Sara Braschi et Sofia Sebastianelli travaillent depuis 2018 au Laboratoria Città di Corviale, une structure financée par la Région et animée par le Département d’Architecture de l’Université Roma 3. Leur travail consiste à effectuer un accompagnement social des transformations en cours. Ces transformations concernent le réaménagement du quatrième étage (en vert sur la première photo), destiné dans le projet initial à accueillir des commerces et locaux collectifs, mais qui d’emblée a été occupé informellement, puis de façon régularisée, par des familles sans logement. Il s’agira au bout du processus, en 2026, d’avoir relogé 103 familles dans des logements rénovés. Il y a très peu de projets de ce type qui permettent d’intervenir en même temps sur le tissu architectural et sur le tissu social. Or, un tel couplage est nécessaire dans un contexte où, comme souvent dans le logement social de ces années-là, les quartiers autant que leurs habitants sont fortement stigmatisés. Aldo, un habitant du quartier, m’énumère ainsi toutes les légendes urbaines qui circulent à propos du Corviale. Ce serait un coupe-gorge, alors qu’il y a eu très peu d’actes de violence au Corviale. L’architecte se serait suicidé, une fois qu’il aurait contemplé sa réalisation à la fin du chantier, etc., etc… Pour que le Corviale ait un futur, le laboratorio fait donc émerger d’autres histoires, valeurs et récits sur le quartier avec ses habitants, notamment par le biais d’expositions. Sara et Sofia passent aussi beaucoup de temps à expliquer aux familles les délais du chantier, les caractéristiques de leur nouveau logement et simplement qu’elles seront relogées et non expulsées. Quand je leur demande s’il faut tirer des conclusions du fait que ces activités de care soient faites par deux femmes, alors qu’elles auraient pu faire des projets pour revues d’architecture, elles me regardent en souriant, et Sofia me dit: « je n’ai jamais songé une seconde à faire de l’architecture pour revues ».

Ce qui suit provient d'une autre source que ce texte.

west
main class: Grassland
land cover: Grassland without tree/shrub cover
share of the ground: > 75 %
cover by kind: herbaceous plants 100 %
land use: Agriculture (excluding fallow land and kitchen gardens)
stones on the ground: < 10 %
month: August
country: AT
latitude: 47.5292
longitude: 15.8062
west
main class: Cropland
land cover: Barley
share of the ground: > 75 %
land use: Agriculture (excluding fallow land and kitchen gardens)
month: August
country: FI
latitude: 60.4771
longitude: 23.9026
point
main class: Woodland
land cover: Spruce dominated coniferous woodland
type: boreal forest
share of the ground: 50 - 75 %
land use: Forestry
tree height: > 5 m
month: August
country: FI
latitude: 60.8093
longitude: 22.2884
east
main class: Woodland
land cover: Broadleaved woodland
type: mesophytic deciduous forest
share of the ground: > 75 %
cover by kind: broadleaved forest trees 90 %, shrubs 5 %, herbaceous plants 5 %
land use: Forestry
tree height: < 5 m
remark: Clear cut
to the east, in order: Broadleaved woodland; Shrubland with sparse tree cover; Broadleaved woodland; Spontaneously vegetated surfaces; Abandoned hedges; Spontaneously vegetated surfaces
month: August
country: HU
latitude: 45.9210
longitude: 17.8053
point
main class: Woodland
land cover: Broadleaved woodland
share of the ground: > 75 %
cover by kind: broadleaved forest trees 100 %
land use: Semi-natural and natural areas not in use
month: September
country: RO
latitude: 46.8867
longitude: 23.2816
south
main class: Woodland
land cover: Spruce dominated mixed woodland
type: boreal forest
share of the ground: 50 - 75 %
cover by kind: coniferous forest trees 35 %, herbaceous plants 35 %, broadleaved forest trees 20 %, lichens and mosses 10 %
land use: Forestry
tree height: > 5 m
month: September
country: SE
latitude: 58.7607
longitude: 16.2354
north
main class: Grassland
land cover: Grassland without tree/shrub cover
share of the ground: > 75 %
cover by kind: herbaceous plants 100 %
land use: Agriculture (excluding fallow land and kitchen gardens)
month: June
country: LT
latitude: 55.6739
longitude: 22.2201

Sofia Sebastianelli et Sara Braschi du Laboratorio di Città Corviale, au 4e étage (Photo de l’auteur)

Faire avec l’héritage des trente glorieuses (1945-1975)

La confrontation entre les deux grands ensembles du Lignon et du Corviale est frappante. Au Lignon, l’ensemble a été livré à l’époque avec tous ses services, y inclus les deux piscines au sommet de la tour du Lignon. On y a fait le pari de la mixité sociale, puisqu’un tiers environ des appartements relèvent du logement social. Le projet de rénovation a été massif et a concerné tous les logements. Le Lignon n’a jamais souffert de la très mauvaise réputation qu’on a faite à son homologue romain. Au Corviale, il n’y a que du logement social et les services, les commerces et les concierges prévus par le projet ne sont jamais arrivés. Les habitant.e.s ont été laissés à leur sort dans ce finisterre urbain, qui ne connaît actuellement qu’un projet de rénovation très partiel. Ce contraste témoigne de l’investissement important et continu qu’il faut consentir pour gérer ce que l’urbanisme moderniste monumental du siècle dernier nous a légué. Le précieux travail du laboratorio au Corviale semble très modeste, rapporté aux besoins de ses 6000 habitant.e.s. Il faut beaucoup plus pour éviter la cassure, le sentiment d’abandon, qui caractérisent de nombreux ensembles de logement social construits pendant la seconde moitié du XXe siècle.

Une question mondiale

Si l’on dézoome et que l’on regarde maintenant cet enjeu au-delà du continent européen, on prend la mesure des enjeux auxquels nous confronte l’urbanisation accélérée de ces dernières décennies. Celle-ci concerne en effet principalement, depuis la fin des trente glorieuses, les pays du Sud, dont l’industrialisation a été plus tardive. Dans la grande majorité des cas, pensez à la Chine contemporaine, cette urbanisation a pris pour modèle l’urbanisme monumental moderniste européen. Dans la majorité des cas, il n’y a pas un Etat « à la suisse » pour donner un avenir « à la Lignon » à ces grands ensembles. On peut craindre aussi qu’il n’y aura pas les raccomodeuses du Corviale pour ravauder le tissu architectural et social de ces quartiers lorsqu’ils auront atteint 40 ou 50 ans. Et c’est pour bientôt.